Given entries -
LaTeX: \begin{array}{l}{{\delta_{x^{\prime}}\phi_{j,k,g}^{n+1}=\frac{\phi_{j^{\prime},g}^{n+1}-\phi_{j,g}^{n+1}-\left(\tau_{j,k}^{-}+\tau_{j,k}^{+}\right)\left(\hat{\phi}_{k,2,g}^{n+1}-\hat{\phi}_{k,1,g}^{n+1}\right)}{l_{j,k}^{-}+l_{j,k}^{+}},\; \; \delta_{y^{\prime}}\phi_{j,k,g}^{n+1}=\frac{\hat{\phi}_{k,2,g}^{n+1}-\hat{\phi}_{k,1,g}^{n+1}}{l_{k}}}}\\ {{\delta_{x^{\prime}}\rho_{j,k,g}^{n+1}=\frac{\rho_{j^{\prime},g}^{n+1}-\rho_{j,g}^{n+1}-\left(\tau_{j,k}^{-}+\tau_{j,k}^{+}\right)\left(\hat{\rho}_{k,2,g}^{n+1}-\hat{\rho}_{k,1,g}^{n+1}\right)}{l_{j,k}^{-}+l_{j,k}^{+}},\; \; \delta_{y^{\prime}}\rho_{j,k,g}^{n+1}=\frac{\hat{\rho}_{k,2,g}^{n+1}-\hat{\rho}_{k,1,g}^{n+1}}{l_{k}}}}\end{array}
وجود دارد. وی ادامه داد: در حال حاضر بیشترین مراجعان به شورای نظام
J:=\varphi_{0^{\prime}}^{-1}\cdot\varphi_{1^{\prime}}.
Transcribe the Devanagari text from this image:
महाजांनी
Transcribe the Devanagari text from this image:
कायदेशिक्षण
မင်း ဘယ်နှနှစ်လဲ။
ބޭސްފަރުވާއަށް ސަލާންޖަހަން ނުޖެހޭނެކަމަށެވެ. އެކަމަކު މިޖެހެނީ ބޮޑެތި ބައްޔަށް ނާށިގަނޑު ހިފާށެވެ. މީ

Problem details - Each line of the material must be copied exactly.

Task response -
LaTeX: \begin{array}{l}{{\delta_{x^{\prime}}\phi_{j,k,g}^{n+1}=\frac{\phi_{j^{\prime},g}^{n+1}-\phi_{j,g}^{n+1}-\left(\tau_{j,k}^{-}+\tau_{j,k}^{+}\right)\left(\hat{\phi}_{k,2,g}^{n+1}-\hat{\phi}_{k,1,g}^{n+1}\right)}{l_{j,k}^{-}+l_{j,k}^{+}},\; \; \delta_{y^{\prime}}\phi_{j,k,g}^{n+1}=\frac{\hat{\phi}_{k,2,g}^{n+1}-\hat{\phi}_{k,1,g}^{n+1}}{l_{k}}}}\\ {{\delta_{x^{\prime}}\rho_{j,k,g}^{n+1}=\frac{\rho_{j^{\prime},g}^{n+1}-\rho_{j,g}^{n+1}-\left(\tau_{j,k}^{-}+\tau_{j,k}^{+}\right)\left(\hat{\rho}_{k,2,g}^{n+1}-\hat{\rho}_{k,1,g}^{n+1}\right)}{l_{j,k}^{-}+l_{j,k}^{+}},\; \; \delta_{y^{\prime}}\rho_{j,k,g}^{n+1}=\frac{\hat{\rho}_{k,2,g}^{n+1}-\hat{\rho}_{k,1,g}^{n+1}}{l_{k}}}}\end{array}
وجود دارد. وی ادامه داد: در حال حاضر بیشترین مراجعان به شورای نظام
J:=\varphi_{0^{\prime}}^{-1}\cdot\varphi_{1^{\prime}}.
Transcribe the Devanagari text from this image:
महाजांनी
Transcribe the Devanagari text from this image:
कायदेशिक्षण
မင်း ဘယ်နှနှစ်လဲ။
ބޭސްފަރުވާއަށް ސަލާންޖަހަން ނުޖެހޭނެކަމަށެވެ. އެކަމަކު މިޖެހެނީ ބޮޑެތި ބައްޔަށް ނާށިގަނޑު ހިފާށެވެ. މީ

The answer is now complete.